Key Thoughts:
Each budget cycle, we struggle to produce a reasonable budget by maintaining or reducing total FTEs, reigning in other expenses, (optimistically) projecting market share growth, approving a handful of new business initiatives and, not infrequently, negotiating the negotiating the margin target downward.
Each year it gets more challenging to find new, material expense reduction or revenue generation opportunities.Short of dramatically altering service to the community and, thus, your organization's commitment to the community, what else is available to address the complex business challenges we continually face?
The current revenue and expense environment makes every miss tougher to accommodate, making the organization's ability to fulfill its challenges more difficult.
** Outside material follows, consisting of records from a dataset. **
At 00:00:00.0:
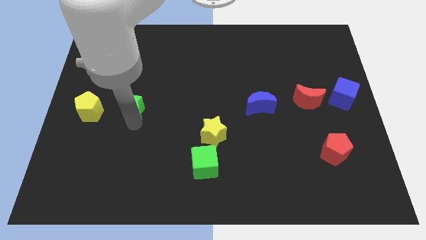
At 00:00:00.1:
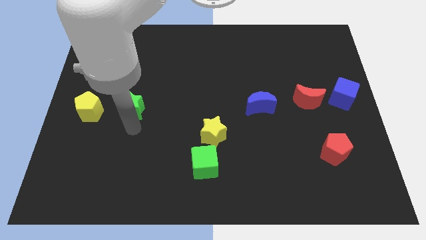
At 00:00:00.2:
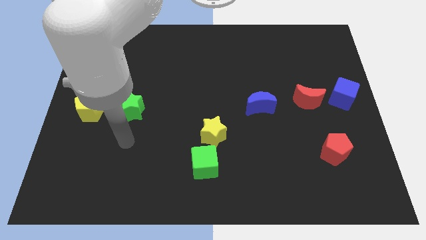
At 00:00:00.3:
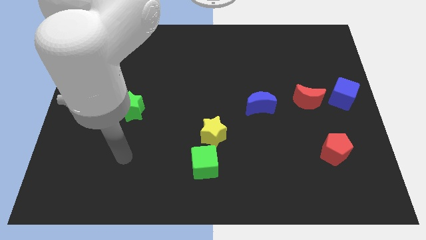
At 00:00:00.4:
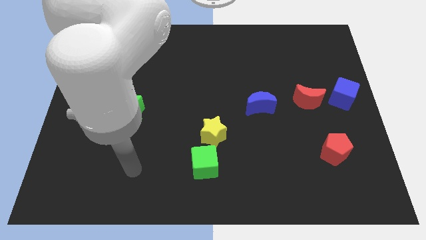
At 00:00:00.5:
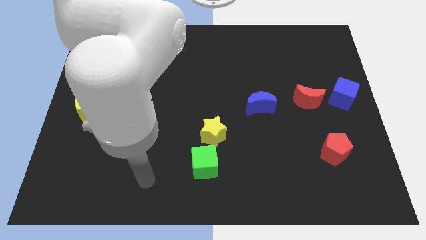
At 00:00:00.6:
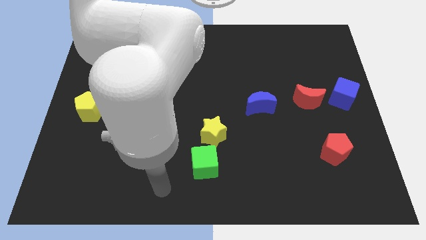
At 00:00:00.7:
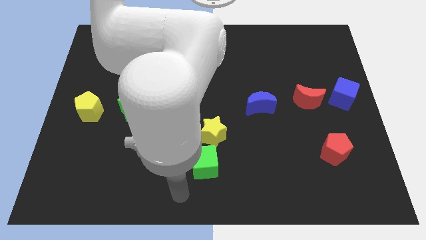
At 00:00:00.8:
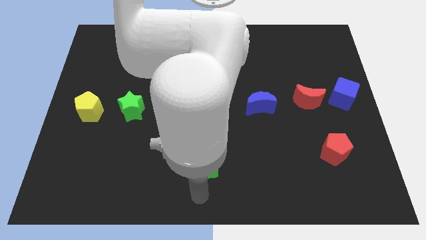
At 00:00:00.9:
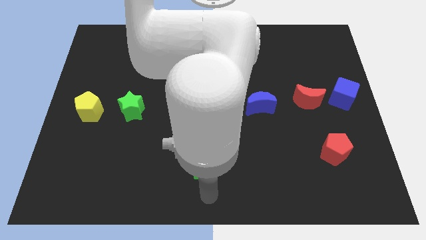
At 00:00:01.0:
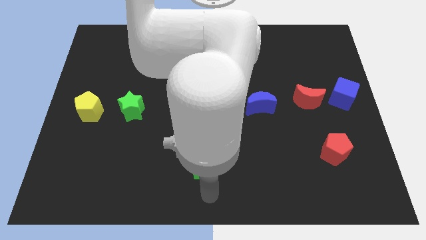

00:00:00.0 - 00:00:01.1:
move your arm away from the green star

EMR - if we ask why invest in EMR, you will get a reflexive response citing the imperative to improve safety, enhance quality and lower costs. If we ask what was the decision making process used to allocate significant capital toward an EMR, or ask about its return on investment or specific improvements in patient safety and quality metrics the EMR has produced a couple of years down the road, or what organizational performance dashboard has changed and by how much due to their EMR implementation, the frequent response is an awkward silence - a scary reaction about an investment hat costs tens of millions of dollars and untold millions in consulting expenses and staff time to implement and support.
Traditionally, organizations has sorted technology needs based on cost and perceived priority. They also continued to invest in new technologies without a more comprehensive understanding of their hard and soft yields and their relative ability to accomplish the organization's goals - a key miss when the available resource pool with which to invest in any technology is increasingly challenging to fund.
What we need is an awareness of how to leverage technology to solve our more vexing business problems, a systematic thinking about how a given technology can be creatively and strategically harnessed as a tool to support a process and facilitate fundamental operational or organizational improvement. Which purchase, for example, will help improve market share and by how much? And, why is it superior to the other capital budget requests vying for funding?
Summary - a organized, thoughtful approach in harnessing technology for healthcare delivery:
1. A strategic focus for technology review
What is it that you want technology to accomplish our mission and strategic plan?
2. A framework for assessing a technology's value to the organization
An organized method to evaluate any given technology's potential to solve business issues that extend beyond readily available information about what the technology promises to do.
3. Knowledge of technology trends
4. Tools for finding and staging high-value technologies
Summary - emerging technologies that solves operation problems
Ergonomics - patient mobility devices such as lean-stand assisted lifts, sit-stand wheelchairs, lateral transfer devices, gait belts and repositioning devices, holds great potential to decrease workplace-related injury and disability, reduce costs and help ensure a healthier work force that can remain working
Wireless communication - consolidation of multiple platforms - electronic whiteboards allowing real-time tracking of patients, lab and ancillary results, room status, equipment status and triage state, RFID which tracks and records patient, equipment and staff movement throughout the facility
RTLS (real-time location system) - reduces hunting time for supplies, staff and patients
Point-of-care testing - moves testing to bedside, offering faster test results with fewer transportation-related errors. The ability to obtain quicker test results can increase efficiency and lead to shorter hospital stays and reduced complications
Modeling and simulation - used for training and credentialing, and facilities design
Remote patient management - increase the coverage of scarce specialists clinicians eg telemetry ICU. increasing life expectancy and the rise in chronic disease are driving development of new technologies such as sensors for independent living; remote disease monitoring of asthma, diabetes and congestive heart failure; remote device monitoring for cardiac implants and artificial joints; video-based care for stroke, psychiatric and dermatology patients, cell phone platforms for management, monitoring and testing; and TV, PC and robotic platforms for communication, education and information.
My Comments:
Technology plays a key role in improving healthcare delivery across the board. 'Innovation and care system transformation through technology are inevitable...Making this transition will require a willing ness to replace the standard practice of viewing technology as a capital budgeting decision with a a systematic, comprehensive approach for evaluating technology and its potential to address vexing business challenges and be innovatively leveraged in the service of mission and margin.
Reference: Technology in healthcare: leveraging new innovations by Marc G. Larsen FACHE, Healthcare Executive SEPT/OCT 2008, pg 9-14.